O devedor. Em muitos lugares ele tende a se tornar um plano para toda uma vida, exatamente como acontece nas selvas da África ou da Nova Guiné. Lá os parentes do rapaz compram-lhe uma noiva por um preço enorme, deixando-o em dívida para com eles por muitos e muitos anos. Aqui o mesmo costume prevalece, ao menos nas classes mais favorecidas, exceto pelo fato de que o preço da noiva se transforma no preço de uma casa, e se os parentes não tiverem condição, o papel do credor será desempenhado pelo banco.
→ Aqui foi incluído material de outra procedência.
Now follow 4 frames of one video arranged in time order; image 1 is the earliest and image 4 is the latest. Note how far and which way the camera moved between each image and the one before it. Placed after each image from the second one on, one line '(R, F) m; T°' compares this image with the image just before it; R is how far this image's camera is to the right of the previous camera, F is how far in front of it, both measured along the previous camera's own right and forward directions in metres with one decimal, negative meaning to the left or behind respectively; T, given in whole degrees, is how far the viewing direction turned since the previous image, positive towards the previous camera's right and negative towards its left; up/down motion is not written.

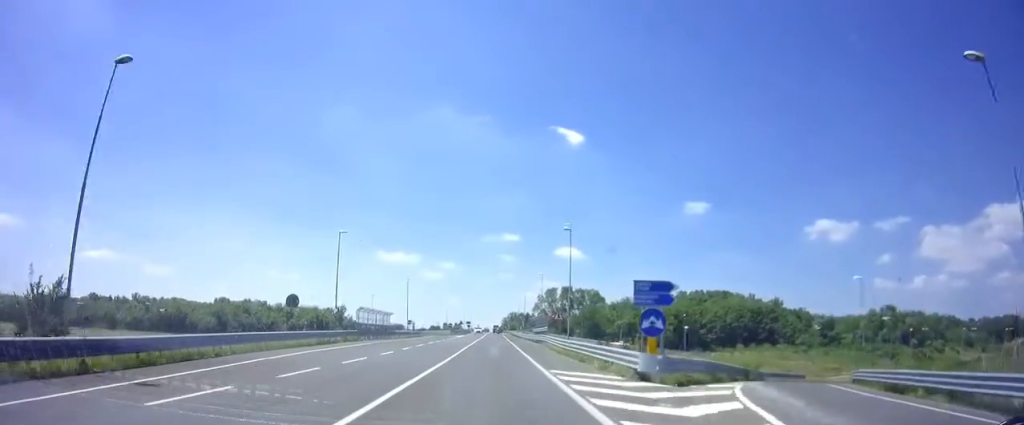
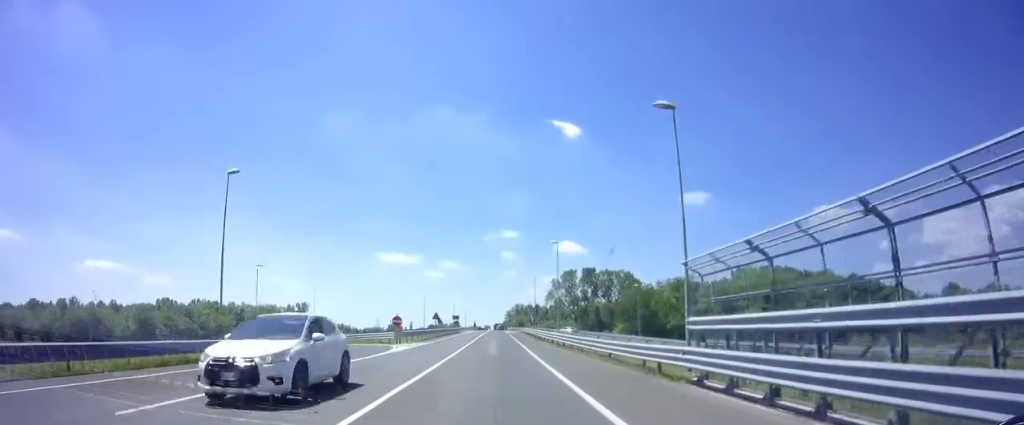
(-0.4, +53.6) m; 0°
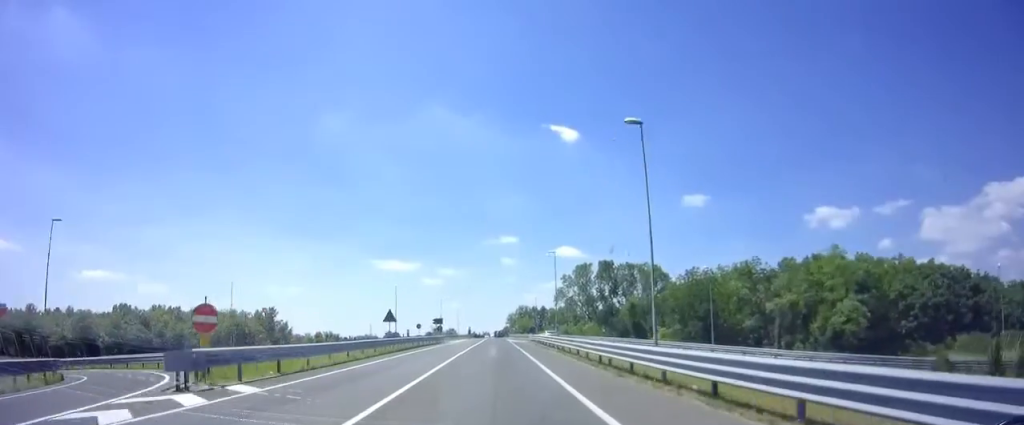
(-0.4, +30.0) m; 0°
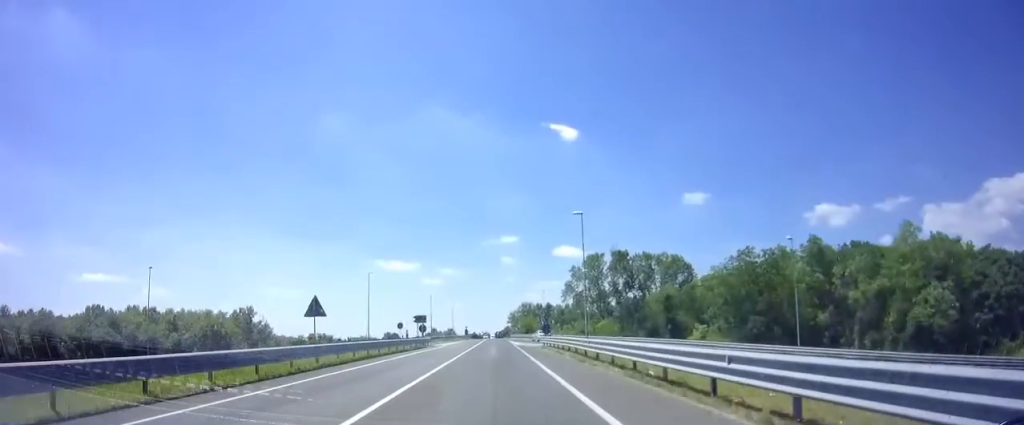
(+0.3, +16.4) m; 0°

Assim, tanto o rapaz da Nova Guiné, como o rapaz civilizado com um relógio de pulso novo em folha no braço sentem que têm um “propósito” na vida. A grande comemoração, a festa das núpcias ou a da inauguração da nova casa são realizadas quando a dívida é assumida e não quando é saldada! O que a TV e o cinema realçam, por exemplo, não é o homem de meia-idade que finalmente acabou de pagar a sua hipoteca, mas sim o jovem que se muda para uma casa nova com a família empunhando orgulhosamente a escritura que acabou de assinar e que o deixará comprometido durante a maior parte dos seus anos produtivos. Depois que ele tiver pago todas as dívidas - o apartamento, o carro, a casa de campo, o seguro, a hipoteca, as despesas da escola e da universidade para os filhos -- passará a ser encarado como um problema, um "cidadão idoso" para quem a sociedade deverá prover não apenas conforto material como também um novo "objetivo de vida", um novo propósito.
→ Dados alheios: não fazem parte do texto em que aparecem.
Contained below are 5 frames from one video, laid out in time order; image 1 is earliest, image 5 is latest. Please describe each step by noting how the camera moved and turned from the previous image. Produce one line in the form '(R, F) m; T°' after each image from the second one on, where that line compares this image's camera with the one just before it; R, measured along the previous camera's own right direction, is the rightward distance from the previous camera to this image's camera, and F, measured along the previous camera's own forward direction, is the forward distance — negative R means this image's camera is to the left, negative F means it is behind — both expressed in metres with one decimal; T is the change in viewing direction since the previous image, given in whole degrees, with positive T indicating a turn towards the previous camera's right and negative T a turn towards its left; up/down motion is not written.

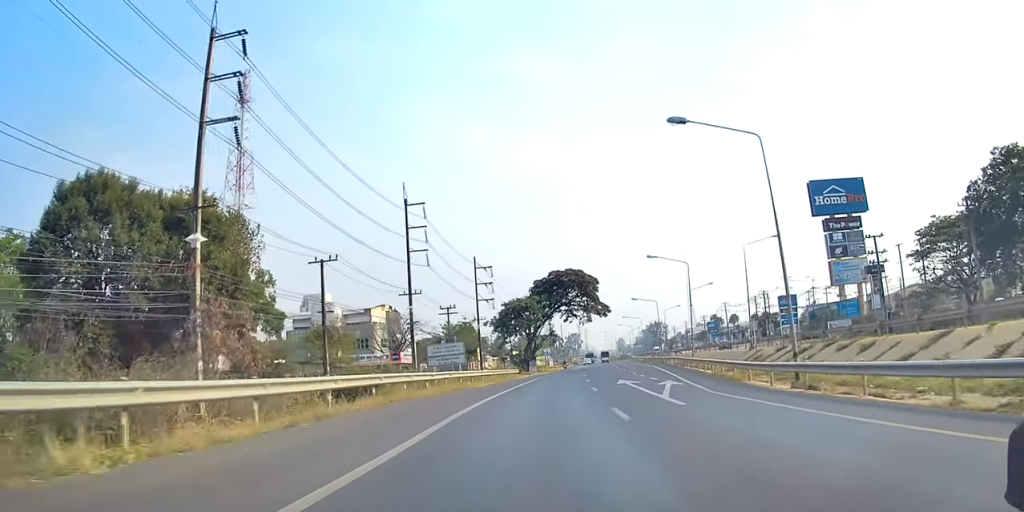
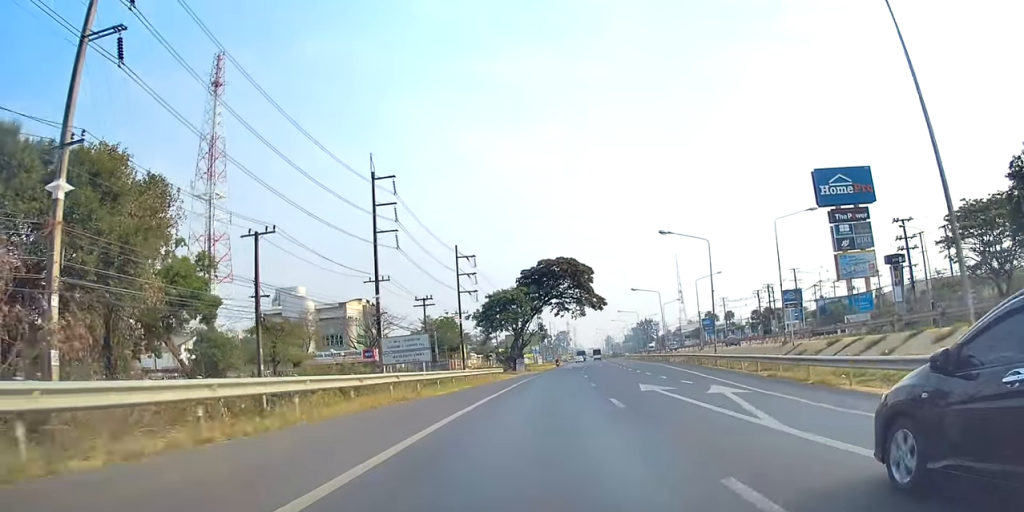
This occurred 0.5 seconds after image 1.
(0.0, +10.0) m; +1°
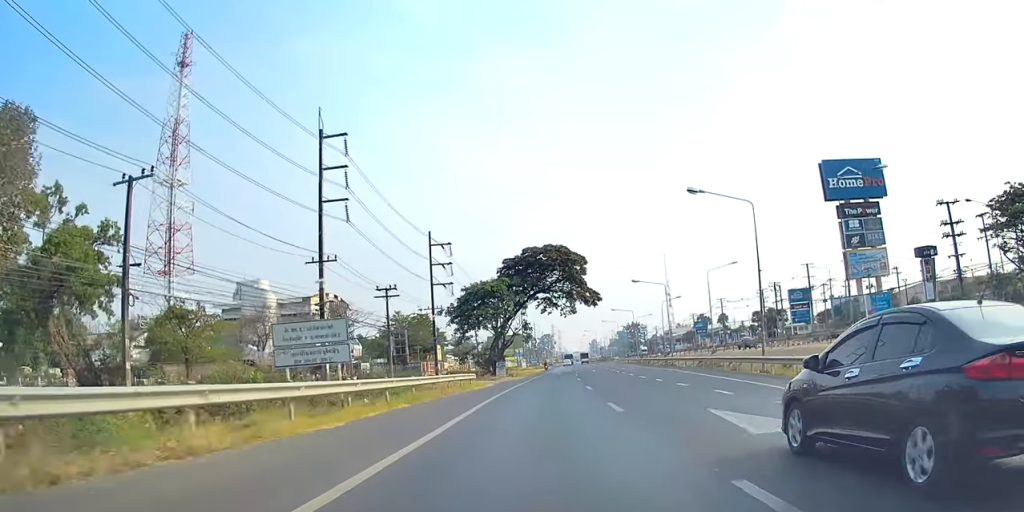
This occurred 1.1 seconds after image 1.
(-0.2, +12.6) m; +2°
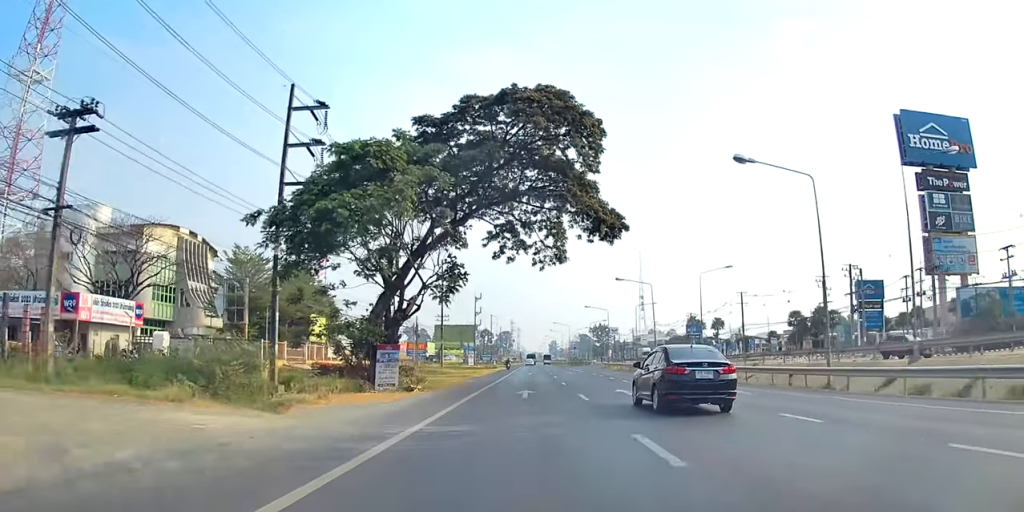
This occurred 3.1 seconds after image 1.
(+2.1, +43.5) m; +3°
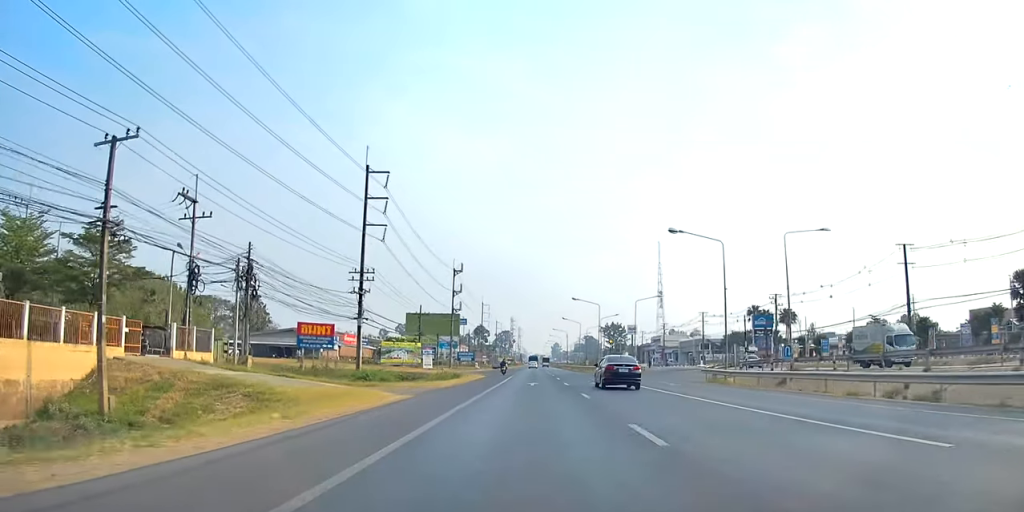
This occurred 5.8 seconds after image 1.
(+0.5, +58.7) m; +2°

Imagine que no instante em que escrevo estas palavras, um besouro passe correndo pela mesa. Se eu o virasse de costas, poderia observar o tremendo esforço que ele faria para ficar novamente sobre os pés. Durante este intervalo, ele teria um "propósito" na vida. Se ele conseguisse ter êxito, quase que se poderia imaginar a expressão de vitória em seu rosto. Seguiria seu caminho, e facilmente se pode imaginar como contaria sua história na próxima reunião social a que comparecesse, admirado pela geração mais jovem como um inseto que conseguira subir na vida. E no entanto, misturado com seu orgulho, poderia ser encontrada uma boa dose de desapontamento. Agora que atingiu o topo, sua vida lhe parece vazia. Talvez até tente voltar ao local onde foi virado de costas, a fim de repetir seu triunfo. Um animal corajoso, o besouro. Não admira que tenha sobrevivido milhões de anos. E quanto a você, como andam as suas dívidas?